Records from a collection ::
____________

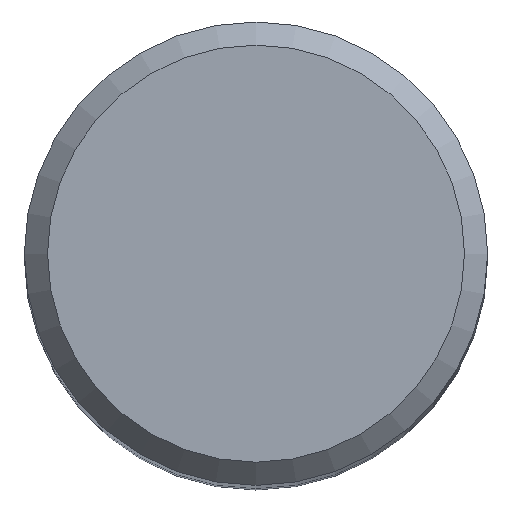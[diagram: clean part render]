
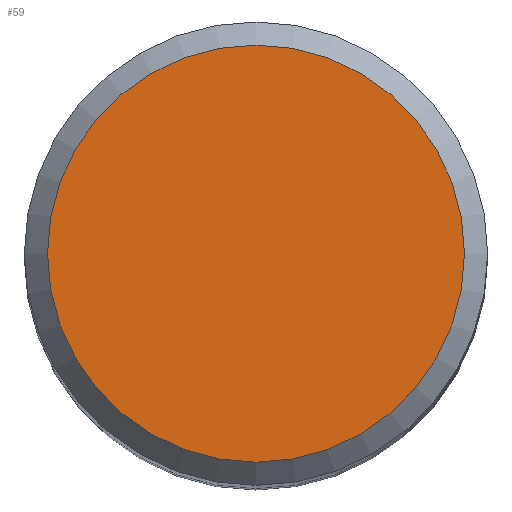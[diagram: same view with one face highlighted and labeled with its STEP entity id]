
A CAD part, top view. The second image highlights one B-rep face of the part: STEP entity #59.
In plain terms, the highlighted free-form (B-spline) face has degree [1, 1] with [2, 2] control points.
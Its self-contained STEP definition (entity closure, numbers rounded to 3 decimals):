
#59 = ADVANCED_FACE('', (#60), #71, .T.);
#60 = FACE_OUTER_BOUND('', #61, .T.);
#61 = EDGE_LOOP('', (#62));
#62 = ORIENTED_EDGE('', *, *, #63, .T.);
#63 = EDGE_CURVE('', #64, #64, #66, .T.);
#64 = VERTEX_POINT('', #65);
#65 = CARTESIAN_POINT('', (7.2, 0., 0.));
#66 = CIRCLE('', #67, 7.2);
#67 = AXIS2_PLACEMENT_3D('', #68, #69, #70);
#68 = CARTESIAN_POINT('', (0., 0., 0.));
#69 = DIRECTION('', (0., 0., 1.));
#70 = DIRECTION('', (1., 0., 0.));
#71 = B_SPLINE_SURFACE_WITH_KNOTS('', 1, 1, ((#72, #73), (#74, #75)), .UNSPECIFIED., .F., .F., .U., (2, 2), (2, 2), (-7.201, 7.201), (-7.201, 7.201), .UNSPECIFIED.);
#72 = CARTESIAN_POINT('', (7.201, 7.201, 0.));
#73 = CARTESIAN_POINT('', (7.201, -7.201, 0.));
#74 = CARTESIAN_POINT('', (-7.201, 7.201, 0.));
#75 = CARTESIAN_POINT('', (-7.201, -7.201, 0.));
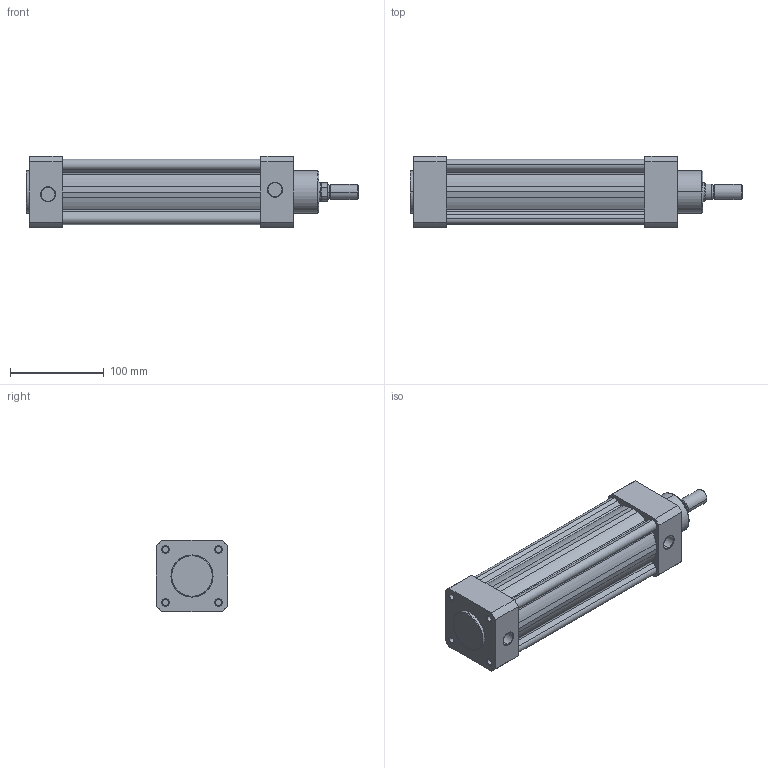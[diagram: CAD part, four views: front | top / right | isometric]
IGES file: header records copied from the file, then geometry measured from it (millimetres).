
Start section: SolidWorks IGES file using analytic representation for surfaces
Global section: file name: PAC   63-160   CYLINDER.IGS; native system: SolidWorks 2010; preprocessor: SolidWorks 2010; author: HASAN; date: 100804.110214; units: millimetre
Bounding box: 354 x 76 x 76 mm (x, y, z)
Surface area: 212446.3 mm2 (no closed solid volume)
Topology: 0 solids, 0 shells, 170 faces, 2920 edges, 2920 vertices
Faces by surface type: revolution 106, bspline 64
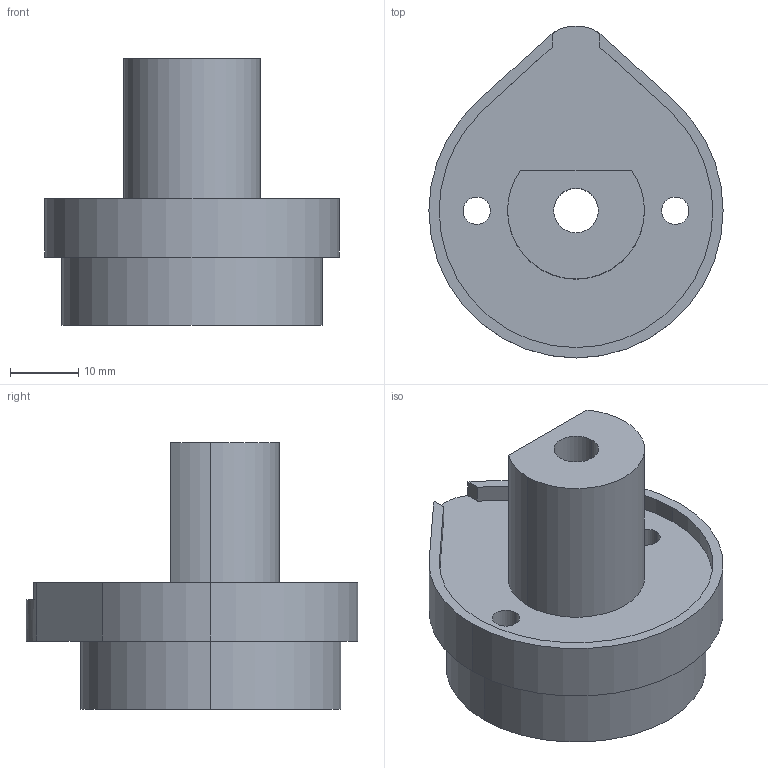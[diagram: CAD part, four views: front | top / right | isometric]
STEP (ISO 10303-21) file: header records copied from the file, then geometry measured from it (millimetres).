
FILE_DESCRIPTION (( 'STEP AP214' ), '1' );
FILE_NAME ('axe porte douche du bas .STEP', '2021-02-18T01:16:59', ( '' ), ( '' ), 'SwSTEP 2.0', 'SolidWorks 2018', '' );
FILE_SCHEMA (( 'AUTOMOTIVE_DESIGN' ));
Length unit declared in the file: millimetre
Products named in the file (1): axe porte douche du bas 
Bounding box: 43 x 48.5 x 39 mm (x, y, z)
Volume: 16137.4 mm3; surface area: 8916.5 mm2
Topology: 1 solids, 1 shells, 39 faces, 102 edges, 68 vertices
Faces by surface type: cylinder 24, plane 15
Entity records: 1276 total; most frequent: DIRECTION 236, CARTESIAN_POINT 210, ORIENTED_EDGE 204, EDGE_CURVE 102, AXIS2_PLACEMENT_3D 94, VERTEX_POINT 68, CIRCLE 54, VECTOR 48
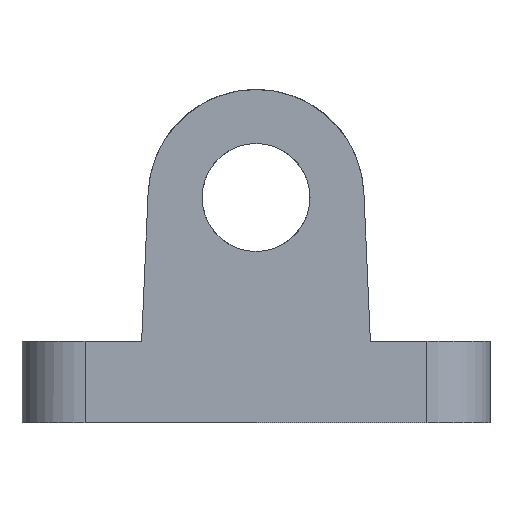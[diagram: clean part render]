
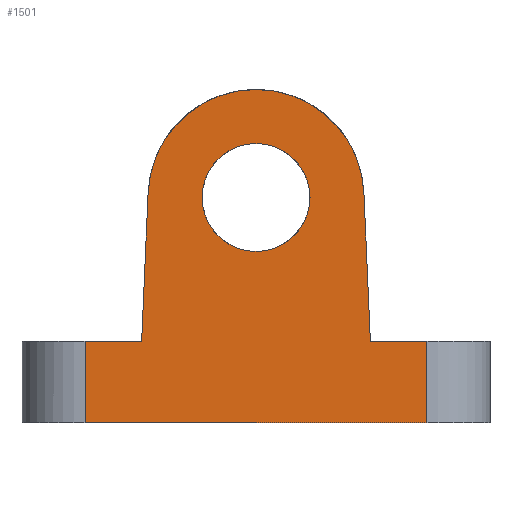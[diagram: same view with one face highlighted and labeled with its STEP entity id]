
A CAD part, front view. The second image highlights one B-rep face of the part: STEP entity #1501.
In plain terms, the highlighted planar face has unit normal (0, -1, 0).
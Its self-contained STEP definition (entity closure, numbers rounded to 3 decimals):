
#100=CARTESIAN_POINT('',(-19.,-26.,9.0));
#101=VERTEX_POINT('',#100);
#109=CARTESIAN_POINT('',(-12.71,-26.0,9.0));
#110=VERTEX_POINT('',#109);
#111=CARTESIAN_POINT('',(-12.71,-26.0,9.0));
#112=DIRECTION('',(-1.0,0.0,0.0));
#113=VECTOR('',#112,6.29);
#114=LINE('',#111,#113);
#115=EDGE_CURVE('',#110,#101,#114,.T.);
#220=CARTESIAN_POINT('',(19.,-26.,9.0));
#221=VERTEX_POINT('',#220);
#229=CARTESIAN_POINT('',(19.,-26.,0.0));
#230=VERTEX_POINT('',#229);
#231=CARTESIAN_POINT('',(19.,-26.,9.0));
#232=DIRECTION('',(0.0,0.0,-1.0));
#233=VECTOR('',#232,9.0);
#234=LINE('',#231,#233);
#235=EDGE_CURVE('',#221,#230,#234,.T.);
#319=CARTESIAN_POINT('',(12.71,-26.0,9.0));
#320=VERTEX_POINT('',#319);
#327=CARTESIAN_POINT('',(19.,-26.,9.0));
#328=DIRECTION('',(-1.0,0.0,0.0));
#329=VECTOR('',#328,6.29);
#330=LINE('',#327,#329);
#331=EDGE_CURVE('',#221,#320,#330,.T.);
#414=CARTESIAN_POINT('',(-19.,-26.,0.0));
#415=VERTEX_POINT('',#414);
#423=CARTESIAN_POINT('',(-19.,-26.,0.0));
#424=DIRECTION('',(0.0,0.0,1.0));
#425=VECTOR('',#424,9.0);
#426=LINE('',#423,#425);
#427=EDGE_CURVE('',#415,#101,#426,.T.);
#1070=CARTESIAN_POINT('',(6.,-26.,25.0));
#1071=VERTEX_POINT('',#1070);
#1072=CARTESIAN_POINT('',(0.0,-26.,25.0));
#1073=DIRECTION('',(0.0,1.0,0.0));
#1074=DIRECTION('',(1.0,0.0,0.0));
#1075=AXIS2_PLACEMENT_3D('',#1072,#1073,#1074);
#1076=CIRCLE('',#1075,6.);
#1077=EDGE_CURVE('',#1071,#1071,#1076,.T.);
#1257=CARTESIAN_POINT('',(-11.989,-26.0,25.523));
#1258=VERTEX_POINT('',#1257);
#1265=CARTESIAN_POINT('',(11.989,-26.0,25.523));
#1266=VERTEX_POINT('',#1265);
#1267=CARTESIAN_POINT('',(0.0,-26.0,25.0));
#1268=DIRECTION('',(0.0,1.0,0.0));
#1269=DIRECTION('',(-0.999,0.0,0.044));
#1270=AXIS2_PLACEMENT_3D('',#1267,#1268,#1269);
#1271=CIRCLE('',#1270,12.);
#1272=EDGE_CURVE('',#1258,#1266,#1271,.T.);
#1383=CARTESIAN_POINT('',(11.989,-26.0,25.523));
#1384=DIRECTION('',(0.044,0.0,-0.999));
#1385=VECTOR('',#1384,16.539);
#1386=LINE('',#1383,#1385);
#1387=EDGE_CURVE('',#1266,#320,#1386,.T.);
#1400=CARTESIAN_POINT('',(-12.71,-26.0,9.0));
#1401=DIRECTION('',(0.044,0.0,0.999));
#1402=VECTOR('',#1401,16.539);
#1403=LINE('',#1400,#1402);
#1404=EDGE_CURVE('',#110,#1258,#1403,.T.);
#1478=CARTESIAN_POINT('',(26.,-26.,0.0));
#1479=DIRECTION('',(0.0,-1.0,0.0));
#1480=DIRECTION('',(0.0,0.0,-1.0));
#1481=AXIS2_PLACEMENT_3D('',#1478,#1479,#1480);
#1482=PLANE('',#1481);
#1483=ORIENTED_EDGE('',*,*,#235,.F.);
#1484=ORIENTED_EDGE('',*,*,#331,.T.);
#1485=ORIENTED_EDGE('',*,*,#1387,.F.);
#1486=ORIENTED_EDGE('',*,*,#1272,.F.);
#1487=ORIENTED_EDGE('',*,*,#1404,.F.);
#1488=ORIENTED_EDGE('',*,*,#115,.T.);
#1489=ORIENTED_EDGE('',*,*,#427,.F.);
#1490=CARTESIAN_POINT('',(19.,-26.,0.0));
#1491=DIRECTION('',(-1.0,0.0,0.0));
#1492=VECTOR('',#1491,38.);
#1493=LINE('',#1490,#1492);
#1494=EDGE_CURVE('',#230,#415,#1493,.T.);
#1495=ORIENTED_EDGE('',*,*,#1494,.F.);
#1496=EDGE_LOOP('',(#1483,#1484,#1485,#1486,#1487,#1488,#1489,#1495));
#1497=FACE_OUTER_BOUND('',#1496,.T.);
#1498=ORIENTED_EDGE('',*,*,#1077,.T.);
#1499=EDGE_LOOP('',(#1498));
#1500=FACE_BOUND('',#1499,.T.);
#1501=ADVANCED_FACE('',(#1497,#1500),#1482,.T.);

____________

TASK DIRECTIONS ::
Reproduce, character for character, only the lines of the preceding data that start at the line with "#68 = CARTESIAN_POINT('', (0., 0., 0.));" and end at the line with "#72 = CARTESIAN_POINT('', (7.201, 7.201, 0.));", both included.

COMPLETED TASK ::
#68 = CARTESIAN_POINT('', (0., 0., 0.));
#69 = DIRECTION('', (0., 0., 1.));
#70 = DIRECTION('', (1., 0., 0.));
#71 = B_SPLINE_SURFACE_WITH_KNOTS('', 1, 1, ((#72, #73), (#74, #75)), .UNSPECIFIED., .F., .F., .U., (2, 2), (2, 2), (-7.201, 7.201), (-7.201, 7.201), .UNSPECIFIED.);
#72 = CARTESIAN_POINT('', (7.201, 7.201, 0.));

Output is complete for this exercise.